In 1808 he published his Histoire des phlegmasies ou inflammations chroniques [History of phlegmasias or chronic inflammations]; and in Examen de la doctrine médicale généralement adopte [Examination of the generally adopted medical doctrine], which brought the opposition of the medical faculty of Paris. In 1828 he published a work De l'irritation et de la folie [On irritation and madness]. When he became ill with indigestion, Broussais applied 50–60 leeches throughout his body approximately 15 times.

== Theory of medicine ==
Disagreeing with many of his predecessors, such as Laennec, Bayle, and Louis, Broussais believed in the importance of physiology. He believed that diseases occurred when normal functions failed or were modified. Broussais' theory, known as medical physiology, argued that some diseases are just a result of irritation due to excitation or stimulation. This medical physiology became the most popular form of medical theory in Paris in the 19th century. It is believed that irritation then caused inflammation, which primarily occurred at the gastrointestinal tract in most diseases.
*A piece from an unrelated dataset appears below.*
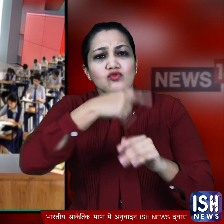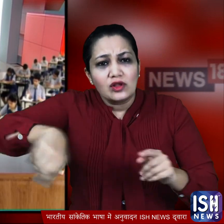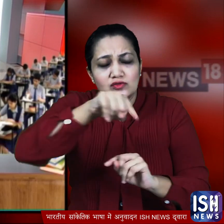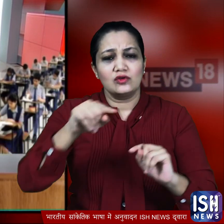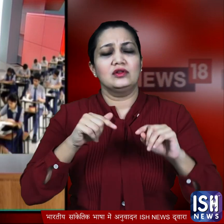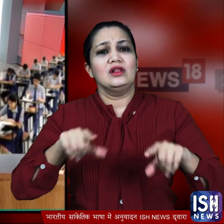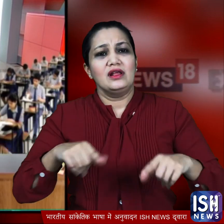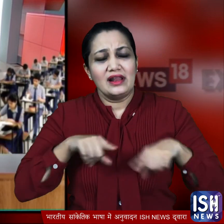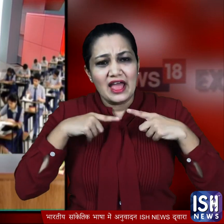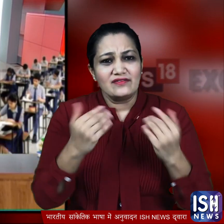सुरक्षा जादा जरूरी है
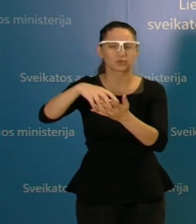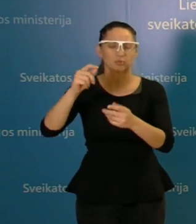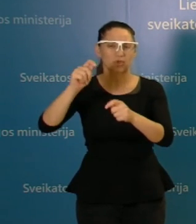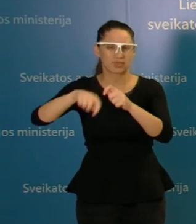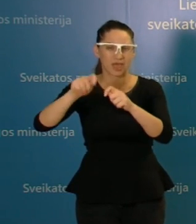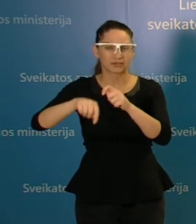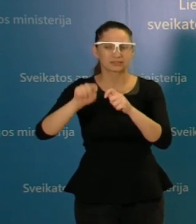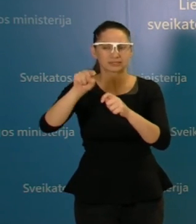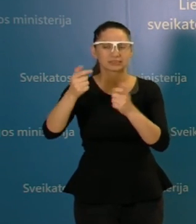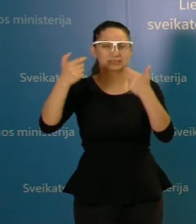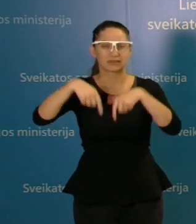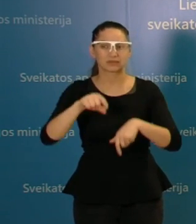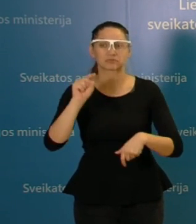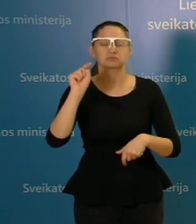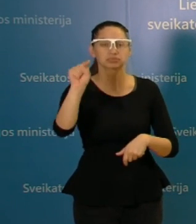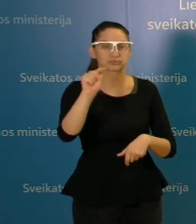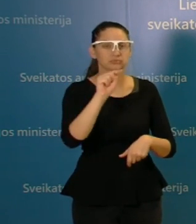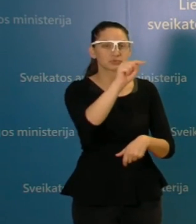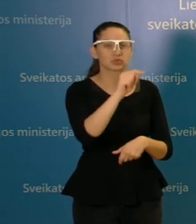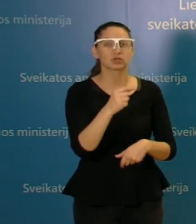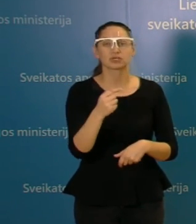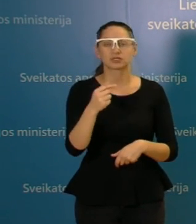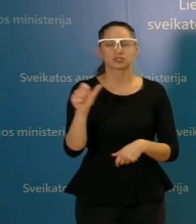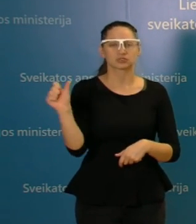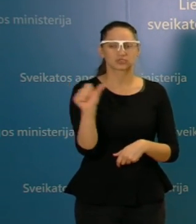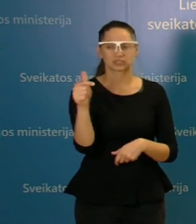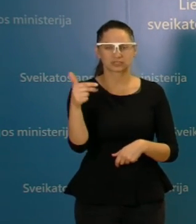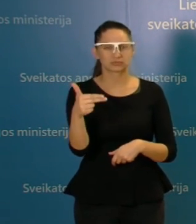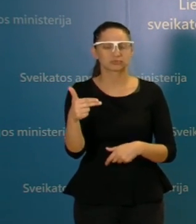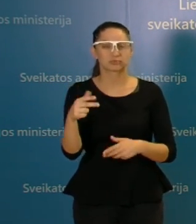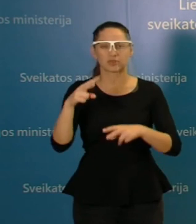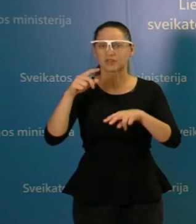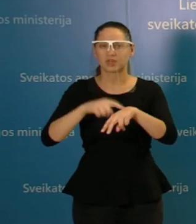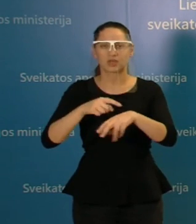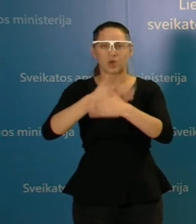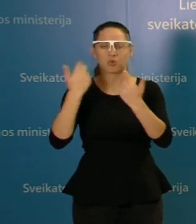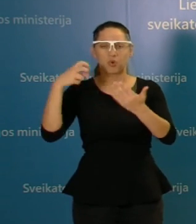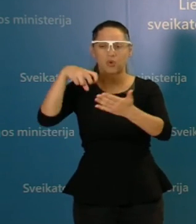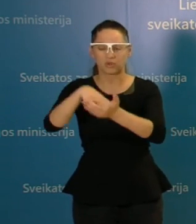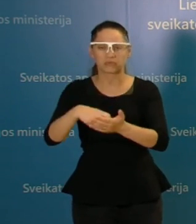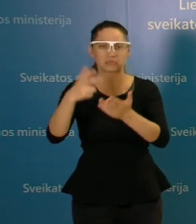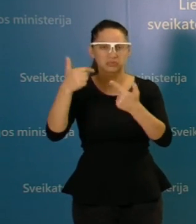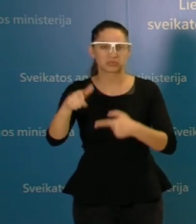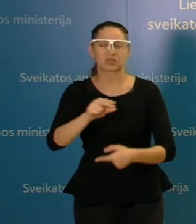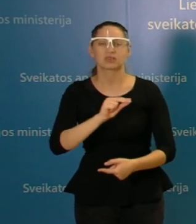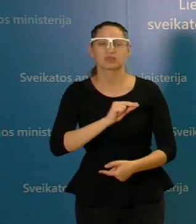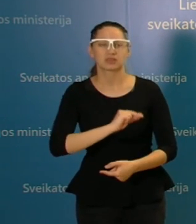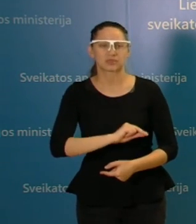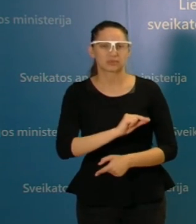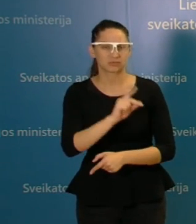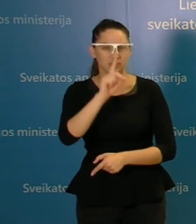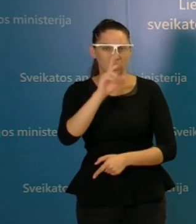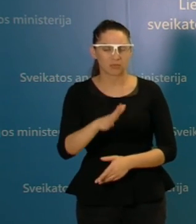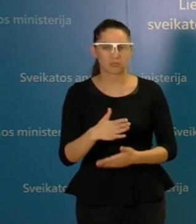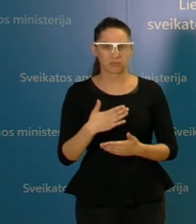savaldybėse savaitgali nėra duota laikų registracijai. Tai reiškia, kad mobiliai punktai neveiks. Tai tikrai nėra

Then, this irritation would pass to other organs "sympathetically". This led Broussais to believe that mild bloodletting could heal every illness. Broussais passionately advocated the use of leeches in bloodletting procedures, due to the belief that it was more gentle. With one particular patient, he prescribed around ninety leeches be placed over the body for this purpose. Additionally, Broussais believed that the ill were sthenic and needed to be prescribed sedatives.